The failures of CVE strategies described above present valuable lessons for India in case it decides to formulate a CVE programme. Amendments to the Unlawful Activities (Prevention) Act in August 2019 further demonstrate the lack of conceptual clarity with respect to terms like “terrorism”. At a speech in the Lok Sabha after amendments to the UAP Act, Union Home Minister Amit Shah echoed the aforementioned confusion pertaining to what terrorism is: “Terrorism is not just fostered by the gun. Terrorism is also the spread of hate and radicalism”. According to this view, terrorism is not seen as a strategy to attack non-combatants so as to achieve policy change against a conventionally superior state. Instead, this vague description of terrorism seems to have many overlaps with extremism. And, as seen with the failure of CVE in the West, these overlaps in definitions must be ironed out.

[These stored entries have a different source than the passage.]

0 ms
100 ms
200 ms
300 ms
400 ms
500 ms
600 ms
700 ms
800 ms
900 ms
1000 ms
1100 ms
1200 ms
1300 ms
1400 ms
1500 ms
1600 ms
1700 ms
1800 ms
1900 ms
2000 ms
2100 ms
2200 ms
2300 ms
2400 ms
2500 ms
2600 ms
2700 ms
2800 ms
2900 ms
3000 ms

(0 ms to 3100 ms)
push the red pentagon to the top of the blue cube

If unclear definitions of terms like extremism and an ideology-centric approach to CVE has proved disadvantageous, what could be the alternatives? One major change that CVE programmes could benefit from is by realising the importance of reference points in determining a rationale for violence. Borrowing from the Prospect theory, this approach lays emphasis on competing notions of fairness as a basis for extremism. Thus, taking the example of the Kashmir conflict, the civilians vying for self-determination have a notion of fairness that confronts the status quo whereas the Centre has a notion of fairness that aligns with the status quo. It is a tussle between these notions of what is fair that underscores many conflicts between states and rebellious entities. Thus, a CVE strategy, instead of trying to shape the ideology of at-risk populations as a means to curb radicalisation, must look to understand their notion of fairness that guides their desire for violence. A way to do the same is to integrate the social sector to provide community-wide interventions that present the rationale that guides the so-called “adversaries” side of the story. Integrating the social sector as the communicators of these interventions is crucial, because groups that feel discriminated against by law enforcement may not take well to CVE programmes implemented by those people. In order to avoid such issues, NGOs showing neutrality may be an asset to CVE programmes in the context of an India that is divided into numerous fault lines.

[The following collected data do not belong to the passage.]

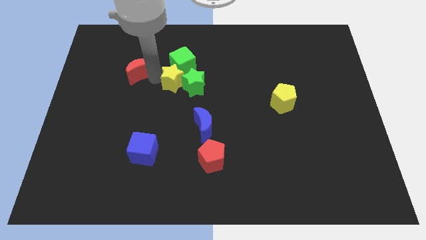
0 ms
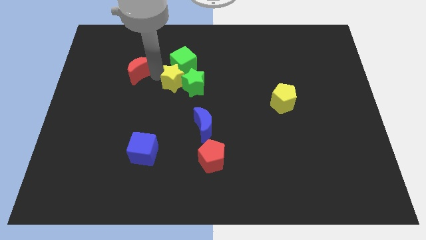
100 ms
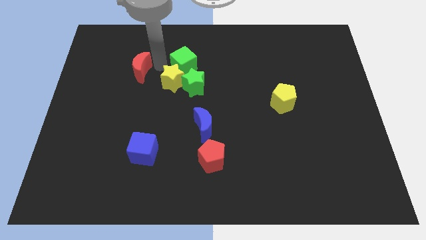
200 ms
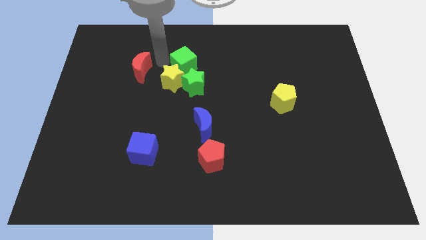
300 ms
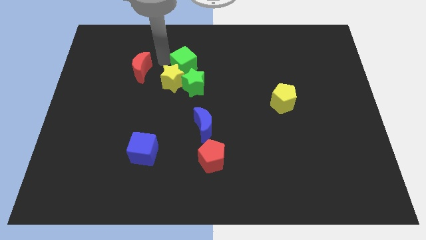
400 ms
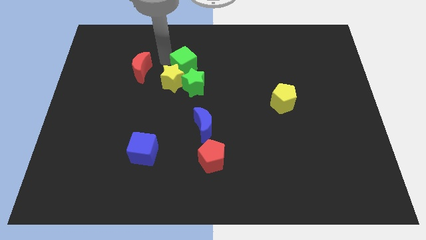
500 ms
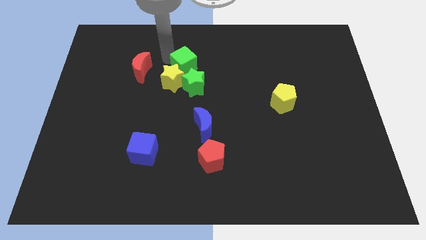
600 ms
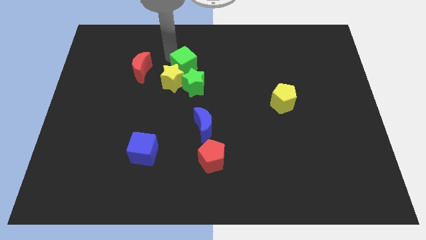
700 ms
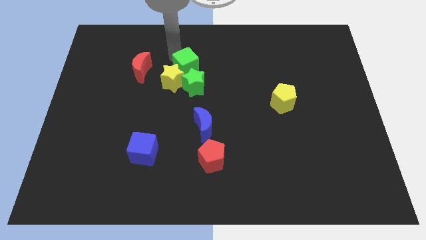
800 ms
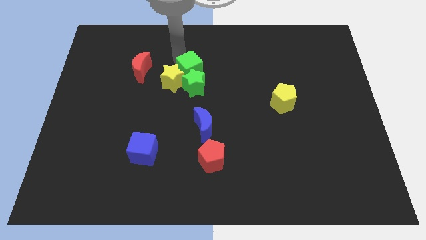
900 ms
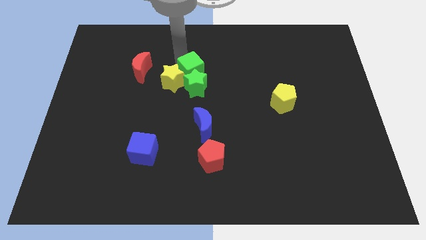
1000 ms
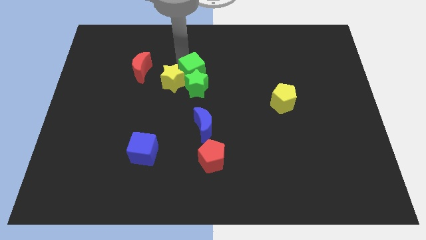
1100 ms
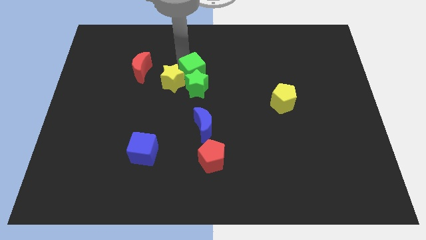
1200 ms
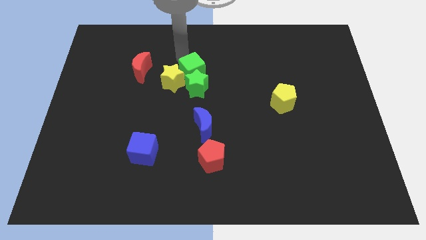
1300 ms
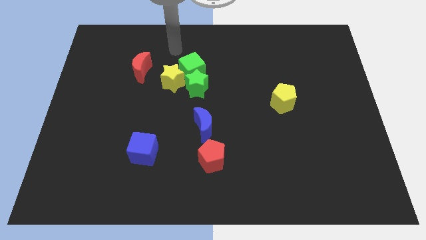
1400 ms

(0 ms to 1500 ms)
slide the green cube closer to the green star

Thus, a need for clear definitions of terms like radicalisation along with a CVE programme that looks beyond the ideological basis of extremism is imperative. CVE programmes may present certain unforeseen hurdles to the administration but working towards setting up a team in its pursuit is a must. With India being in a geopolitically sensitive zone, countering violent extremism must be seen as going beyond the fight against Islam as the latter presents merely a symptom of systemic drivers of radicalisation.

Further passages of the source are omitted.